Rapid induction of specific associative behavioral memory by stimulation of the nucleus basalis in the rat.

Hypothesized circuitry enabling behavioral memory formation can be tested by its direct activation in the absence of normal experience. Neuromodulation via the cortical release of acetylcholine by the nucleus basalis (NB) is hypothesized to be sufficient to induce specific, associative behavioral memory. Previously, we found that tone paired with stimulation of the nucleus basalis (NBs) for 3000 trials over 15 days induced such memory, supporting the hypothesis. However, as standard associative memory can be established much more rapidly, we asked whether NB-induced memory develops rapidly. Adult male Sprague-Dawley rats, trained and tested in the same calm, waking state, were divided into Paired (n=5) and control (n=4) groups, each of which received a single session of 200 trials of an 8.0 kHz conditioned stimulus (CS) either paired with NBs or with unpaired presentation of NBs. Respiration, cardiac activity, and evoked potentials in the primary auditory cortex (ACx) were recorded. Memory and its degree of specificity were assessed 24 h later by presenting tones of various frequencies (1-15 kHz) in the absence of NBs to yield behavioral frequency generalization gradients.
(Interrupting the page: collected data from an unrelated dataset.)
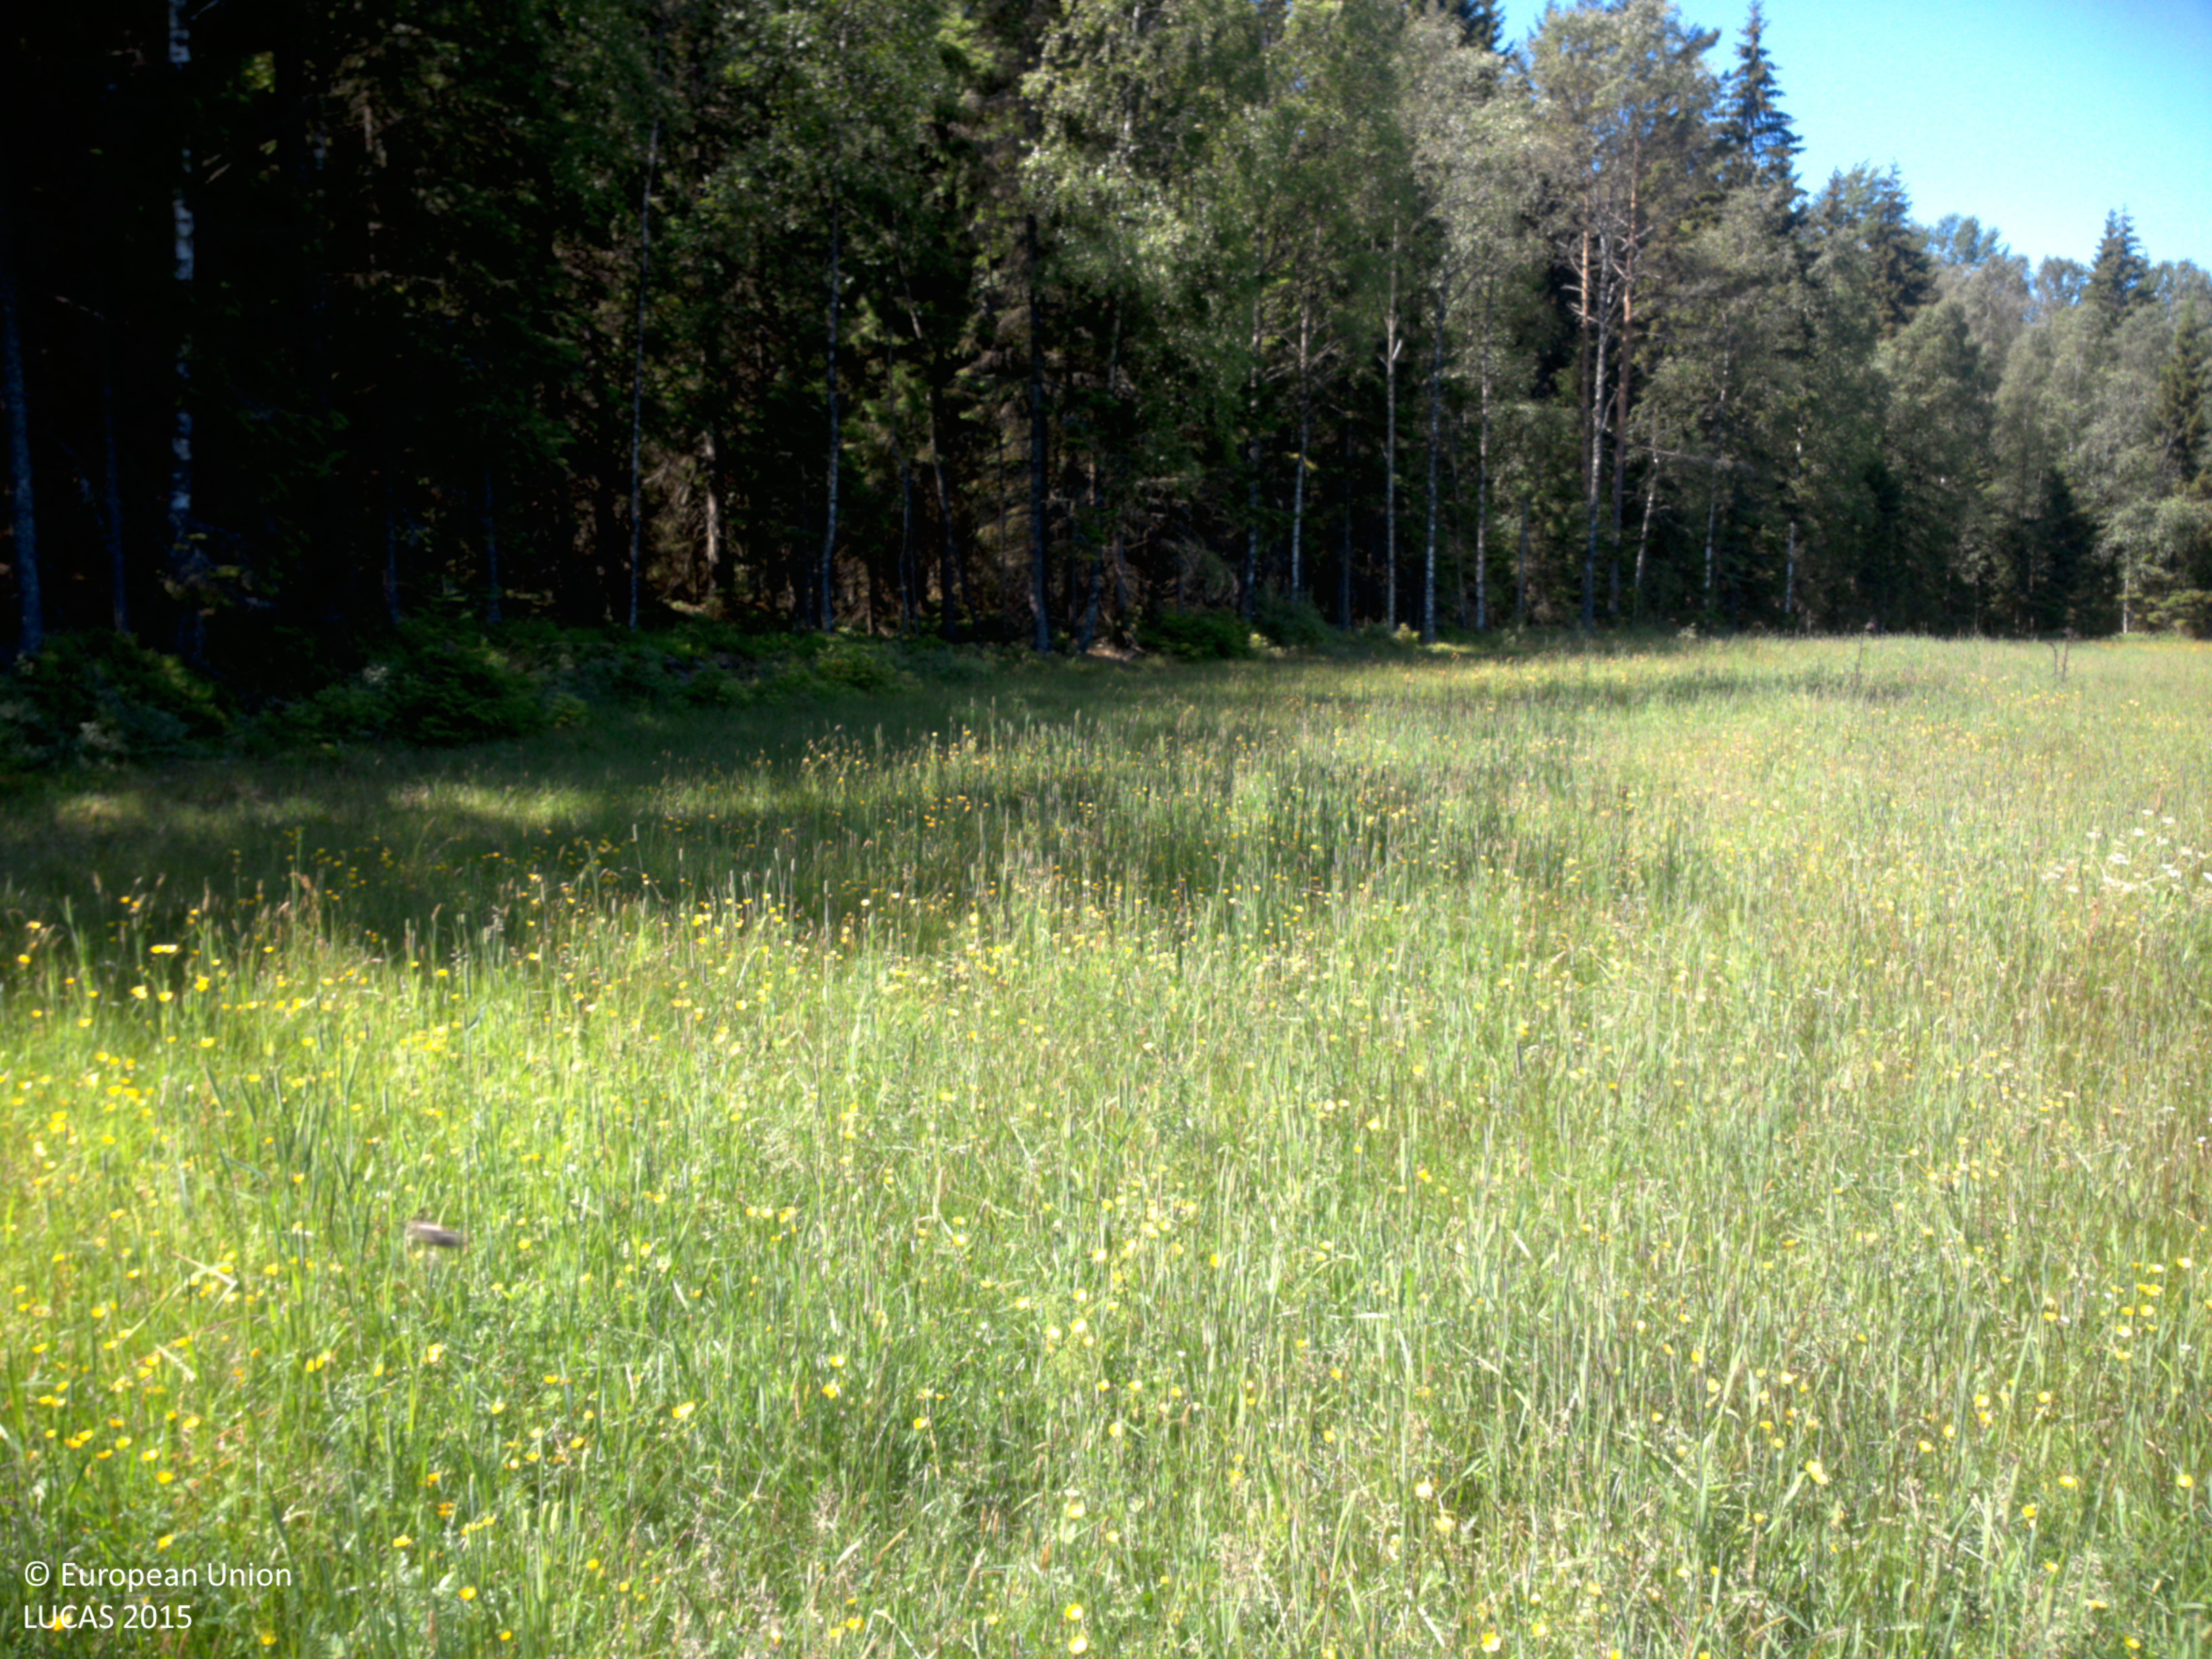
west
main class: Grassland
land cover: Grassland without tree/shrub cover
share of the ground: > 75 %
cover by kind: herbaceous plants 100 %
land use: Agriculture (excluding fallow land and kitchen gardens)
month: July
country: SE
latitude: 58.7965
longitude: 12.1239
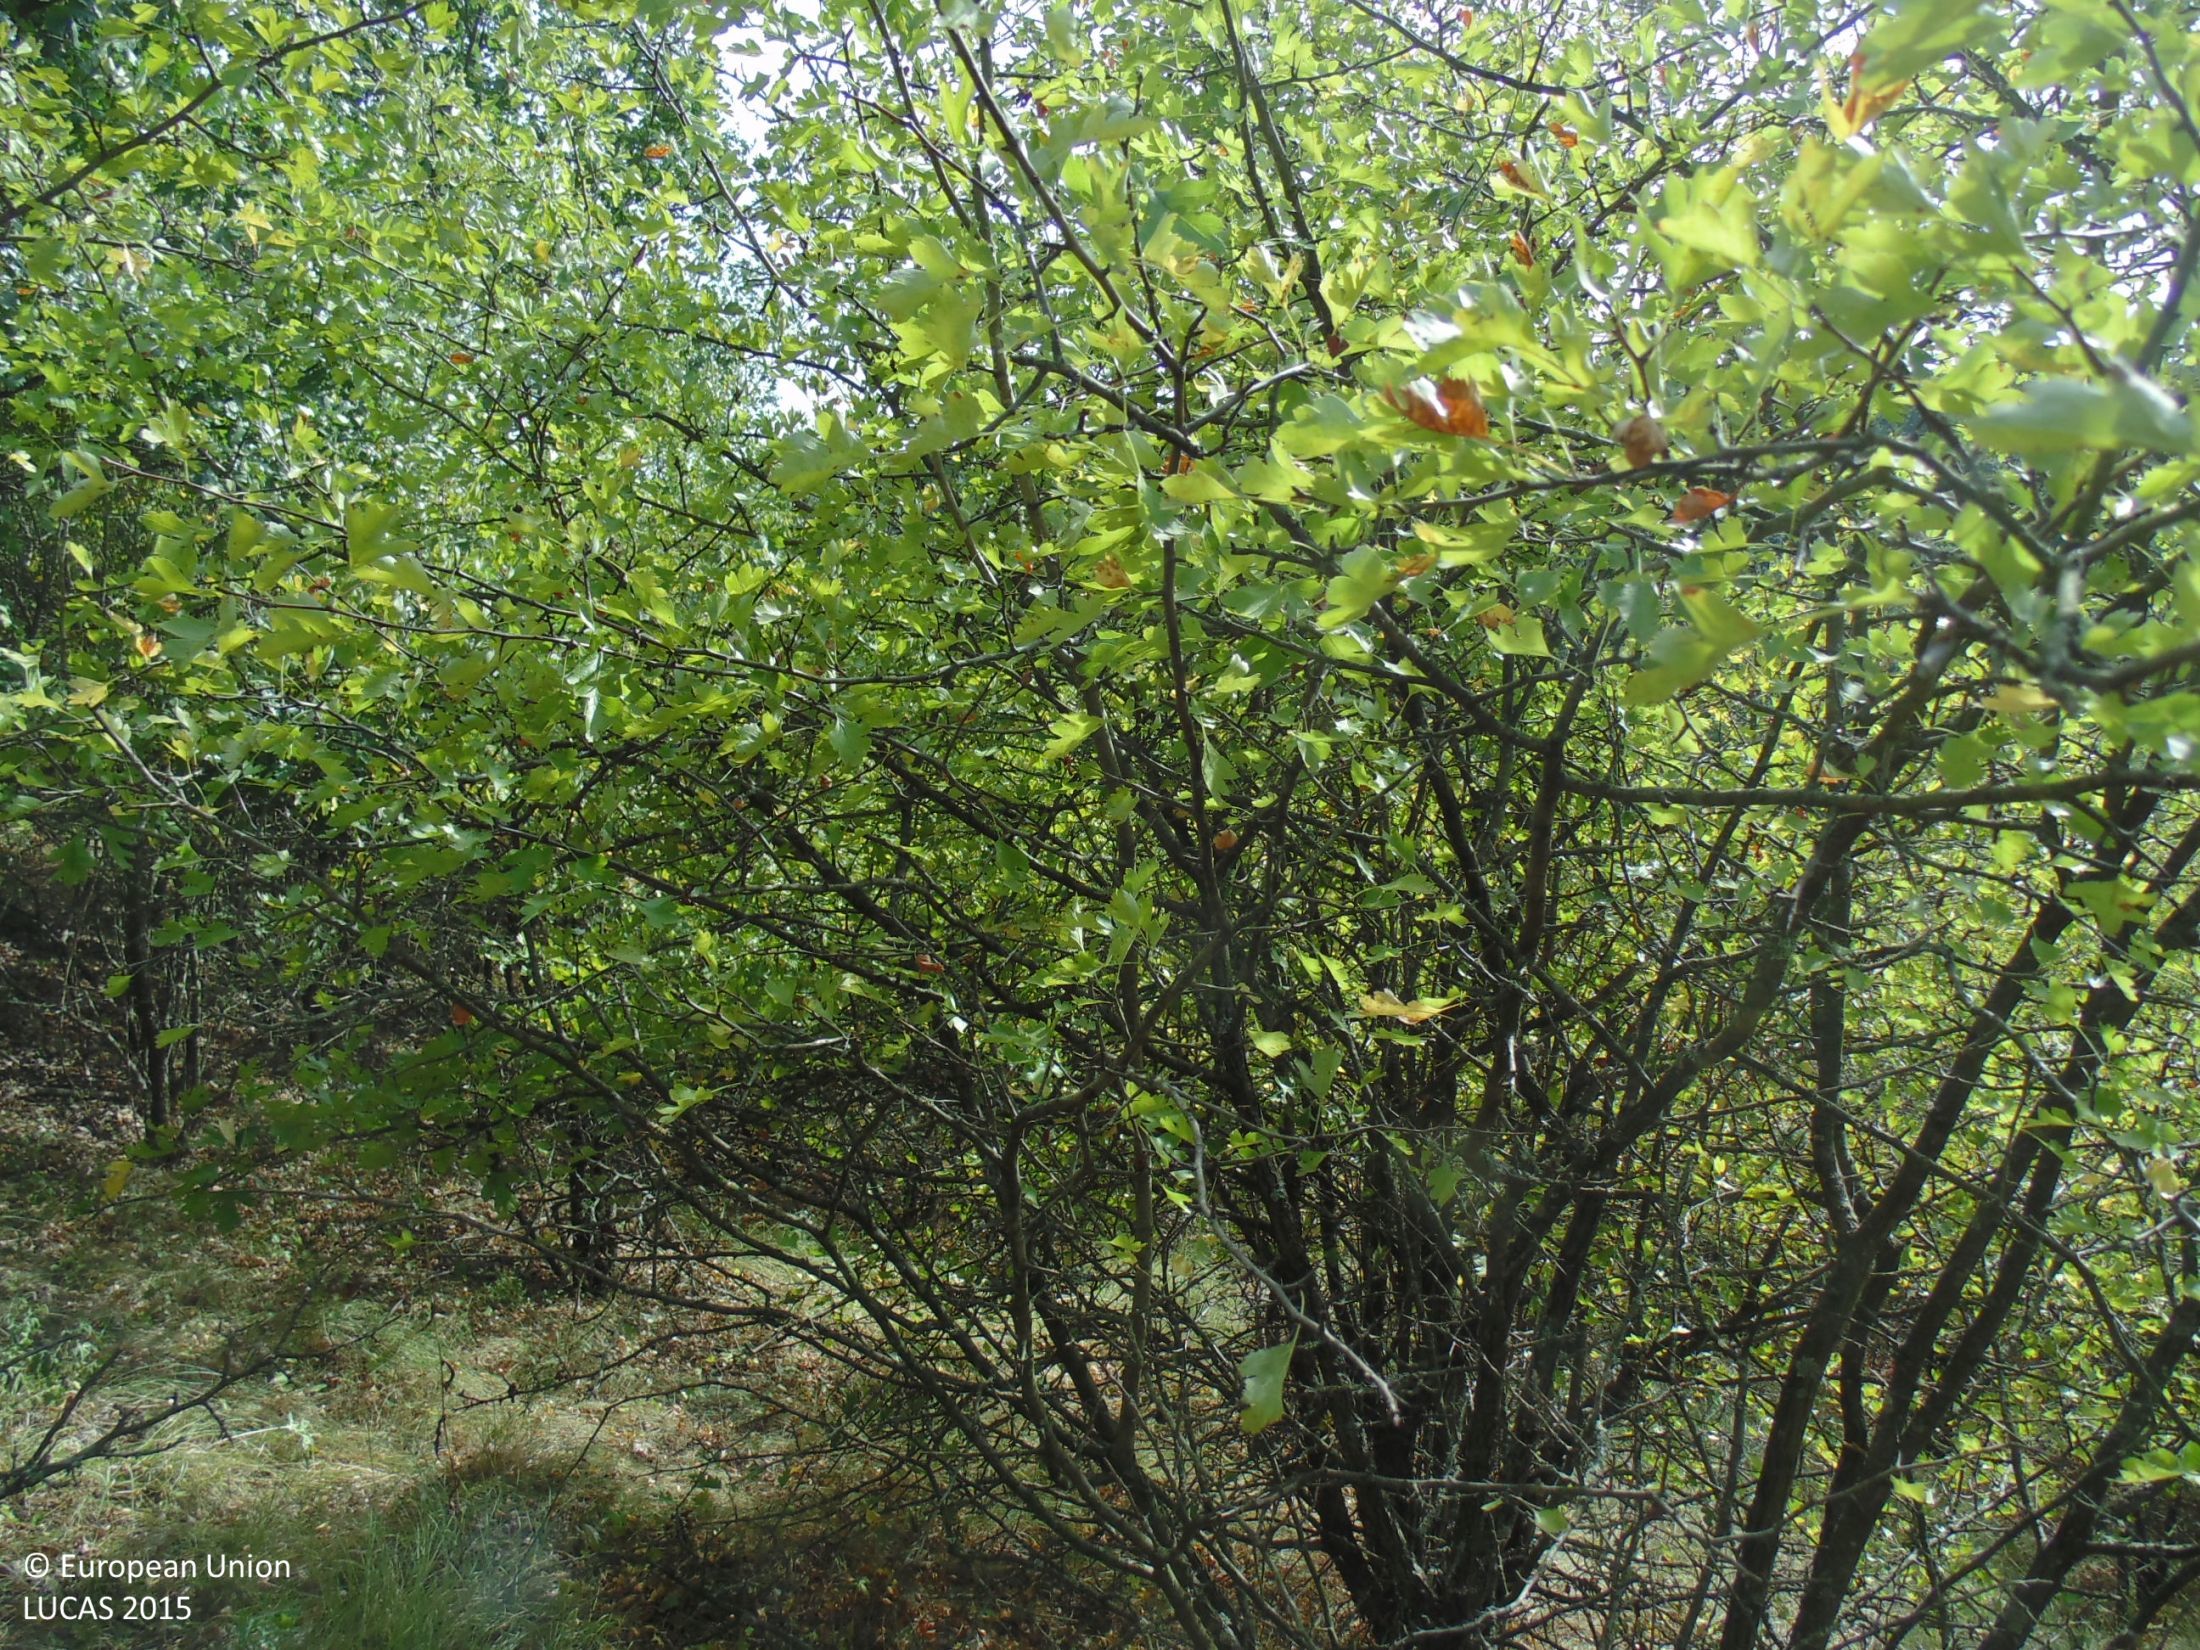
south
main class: Shrubland
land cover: Shrubland with sparse tree cover
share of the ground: 50 - 75 %
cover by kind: shrubs 65 %, herbaceous plants 30 %, broadleaved forest trees 5 %
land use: Semi-natural and natural areas not in use
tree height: < 5 m
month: September
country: BG
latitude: 43.9609
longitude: 27.1382

Behavioral responses to test tones consisted of interruption of ongoing respiration and changes in heart rate. Post-training behavioral generalization gradients exhibited response peaks centered on the CS frequency for the Paired group alone. Tone evoked potentials from the ACx also developed CS-specific plasticity. The findings indicate that NB induction of specific behavioral associative memory, like normal memory, can develop rapidly and is accompanied by specific cortical plasticity, supporting the view that NB engagement during normal learning produces memory.